Use a local volatility model consistent with options of all strikes at this maturity. Alternatively, and a lot faster and simpler, compute the Black implied volatilities from put and call prices by using the estimated forward (implied forward in future iterations as explained below). This usually requires a PDE solver (or you use a binomial/ trinomial tree again). Lastly, use the estimated forward and the
implied volatilities in the Black model to compute the corresponding European option prices.
Imply the forward and dividends using the two nearest strikes on either side of the estimated forward from step 1 (make sure you quotes are reasonable for both puts and calls). The implied forward is the average of the forward obtained at each of the two strikes by applying put-call parity to the European option mid prices computed in 2), and back out a corresponding implied dividend.
Evaluate the results:
- Does the implied forward lie in between the two strikes? This is a minimum requirement.
- How different is the forward from the estimated forwarded (or implied if several steps are needed)? You will need some criteria to determine the optimal stopping.
- If the result in step 4) is not satisfying, use the current implied forward in step 2) and iterate until you are satisfied with the result.
These steps will give you Pseudo European option prices, option implied forwards and option implied dividends that are consistent with the observed American prices.
The calibration of the actual vol surface should result in the chosen (Pseudo) European option prices (only OTM, sufficiently liquid...) at any maturity to match the prices from the vol surface.
Afterwards, you will have a set of implied vols for moneyness levels, which you can fit using various techniques like SVI, SABR, or a mixture of lognormals to get a curve that best fits the existing IV and allows you to get full fledged surface for any strike and expiry.

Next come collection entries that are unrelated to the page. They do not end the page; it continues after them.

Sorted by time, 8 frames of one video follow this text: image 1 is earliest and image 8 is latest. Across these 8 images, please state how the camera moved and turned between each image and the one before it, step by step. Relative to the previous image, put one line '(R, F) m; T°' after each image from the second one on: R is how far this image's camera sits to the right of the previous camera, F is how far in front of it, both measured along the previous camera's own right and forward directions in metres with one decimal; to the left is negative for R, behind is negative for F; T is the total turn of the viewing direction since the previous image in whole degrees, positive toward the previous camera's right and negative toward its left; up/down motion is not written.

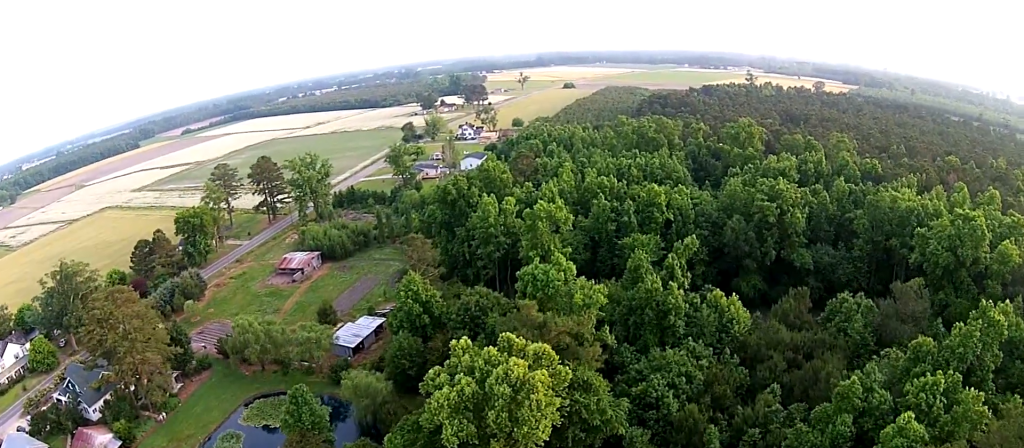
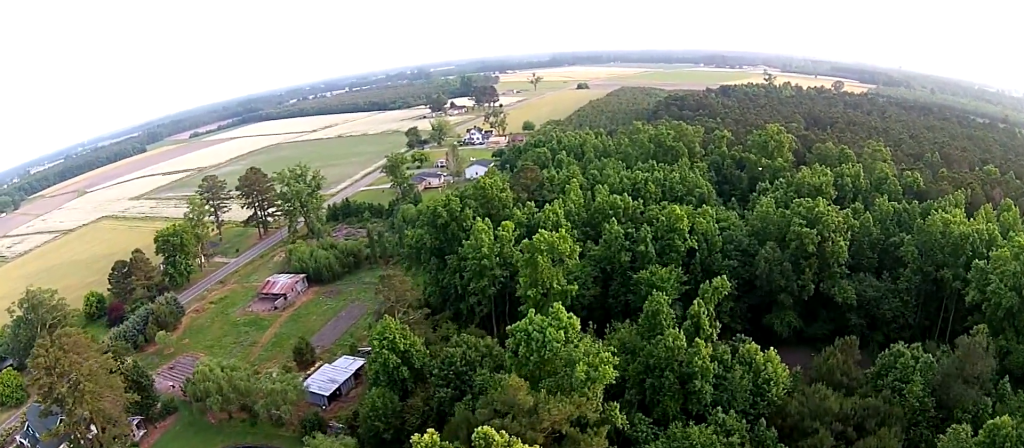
(+0.1, +17.6) m; 0°
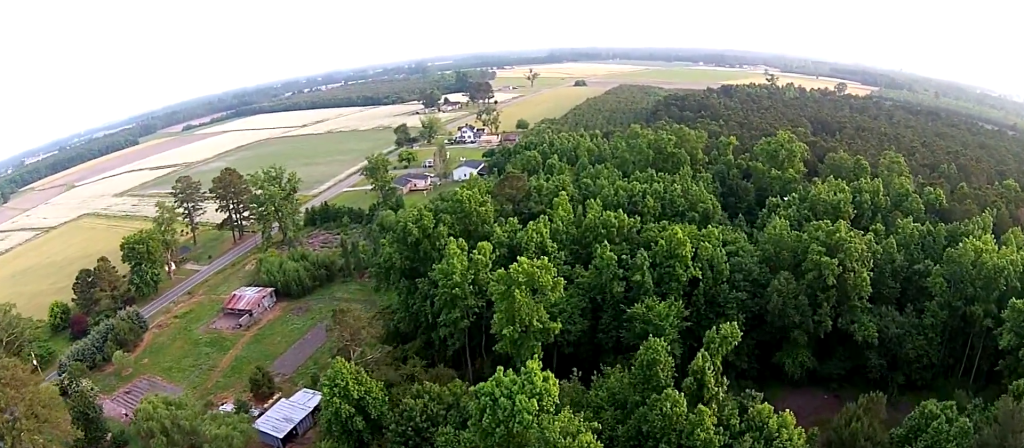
(0.0, +13.5) m; 0°
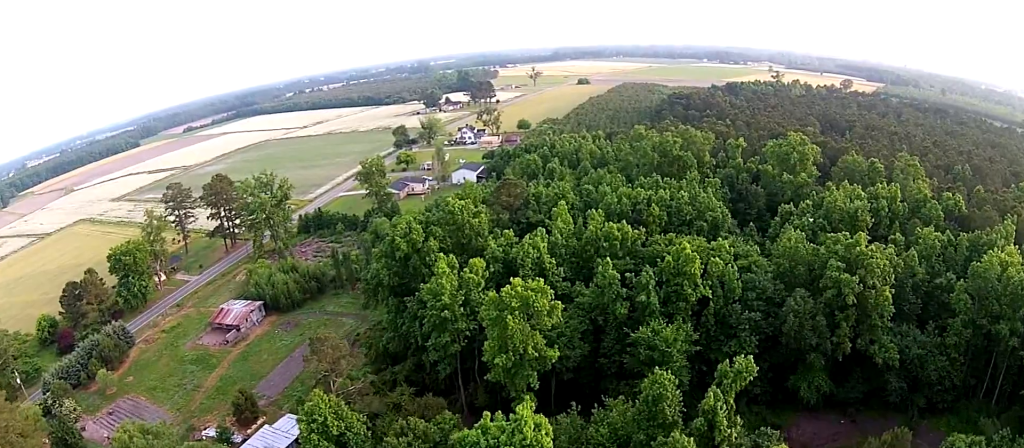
(0.0, +7.2) m; 0°
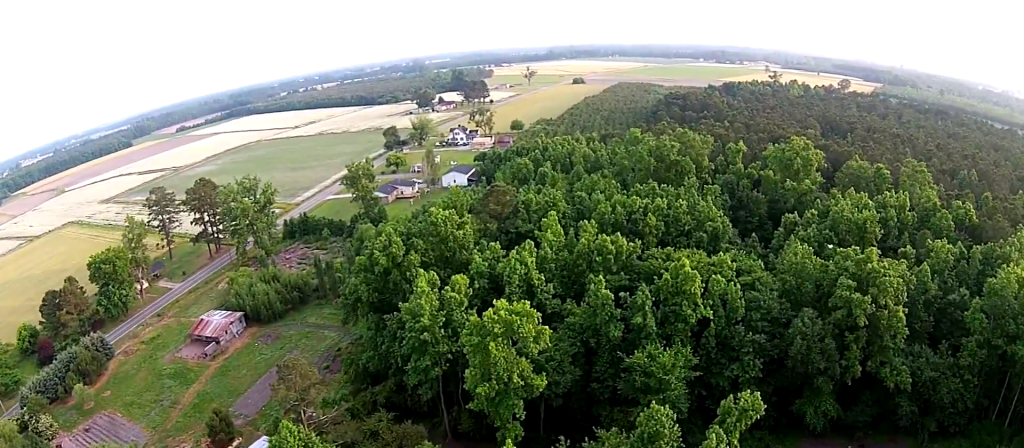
(0.0, +6.5) m; 0°
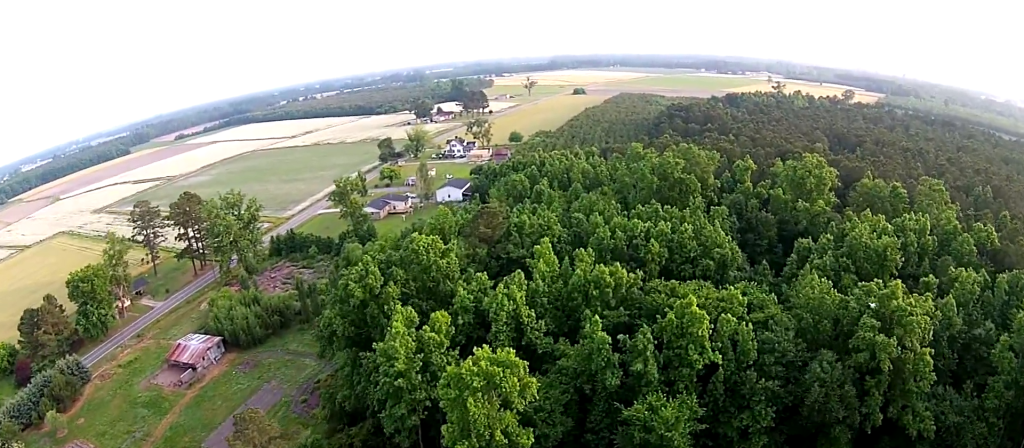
(0.0, +8.6) m; 0°
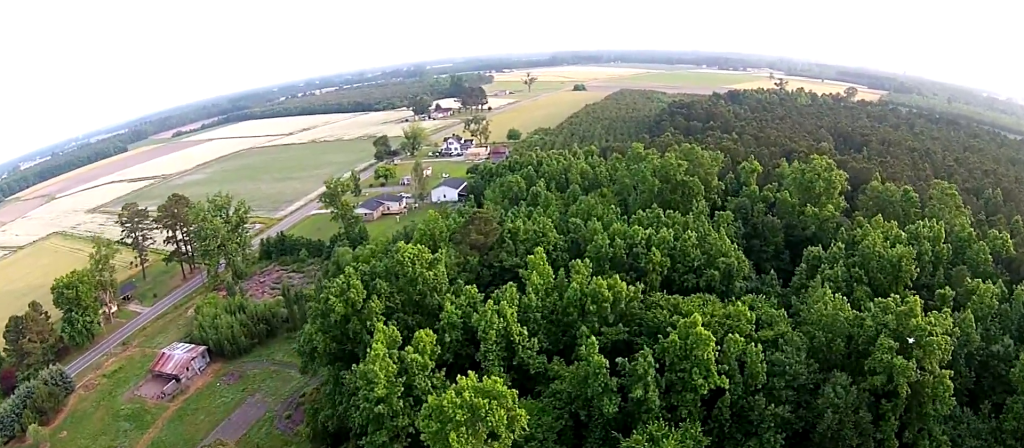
(0.0, +5.7) m; 0°
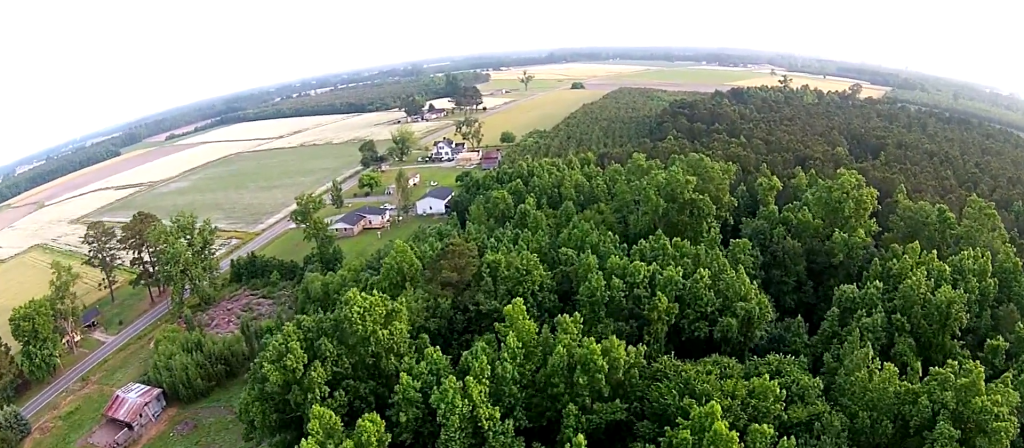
(-0.1, +15.8) m; 0°

Below is a quick SVI implementation in Python example:
spot = 1.34
forward = 1.35
t = 30 / 365.0
vols = np.array([ 12, 10, 9.5, 9, 10.5, 8, 10.24, 9.6, 11.2, 9.4, 11.9, 9.7, 20, 23, 27]) / 100
strikes = np.array([1.21, 1.3, 1.4, 1.3, 1.3, 1.32, 1.38, 1.3,
1.4, 1.3, 1.45, 1.25, 1.5 , 1.6, 1.8])
total_implied_variance = t * vols ** 2
def svi(k, param):
a = param[0];
b = param[1];
m = param[2];
rho = param[3];
sigma = param[4];
totalvariance = a + b * (rho * (k - m) + np.sqrt((k - m)** 2 + sigma**2));
return totalvariance
def targetfunction(x):
value=0
for i in range(11):
model_total_implied_variance = svi(np.log(strikes[i] / forward), x);
value =value+(total_implied_variance[i] - model_total_implied_variance) ** 2;
return value**0.5
bound = [(1e-5, max(total_implied_variance)),(1e-3, 0.99),(min(strikes), max(strikes)),(-0.99, 0.99),(1e-3, 0.99)]
result = optimize.minimize(targetfunction, bound, tol=1e-8, method="BFGS")
x=result.x
K = np.linspace(-0.4, 0.4, 60)
newVols = [np.sqrt(svi(logmoneyness, x)/t) for logmoneyness in K]
plt.plot(np.log(strikes / forward), vols, marker='o', linestyle='none', label='market')
plt.plot(K, newVols, label='SVI')
plt.title("vol curve")
plt.grid()
plt.legend()
plt.show()
SABR calibration would involve fitting beta, alpha, rho and nu so that it resembles the shape of IV in the market. You can see details and the below illustration here.
Lastly, I am not convinced about the real estate example and liquidation. Real estate is usually trading far from book value, and even the companies in the S&P500 have illiquid options markets. However, there are 14 companies in the S&P500 that trade below book value according to Bloomberg's API and the field PX_TO_BOOK_RATIO. All these have IV of deep OTM puts significantly higher than ATM, and increasing all the way.
After all, the scenario implied by such low strikes will almost surely see massive haircuts for its liquidation value as well.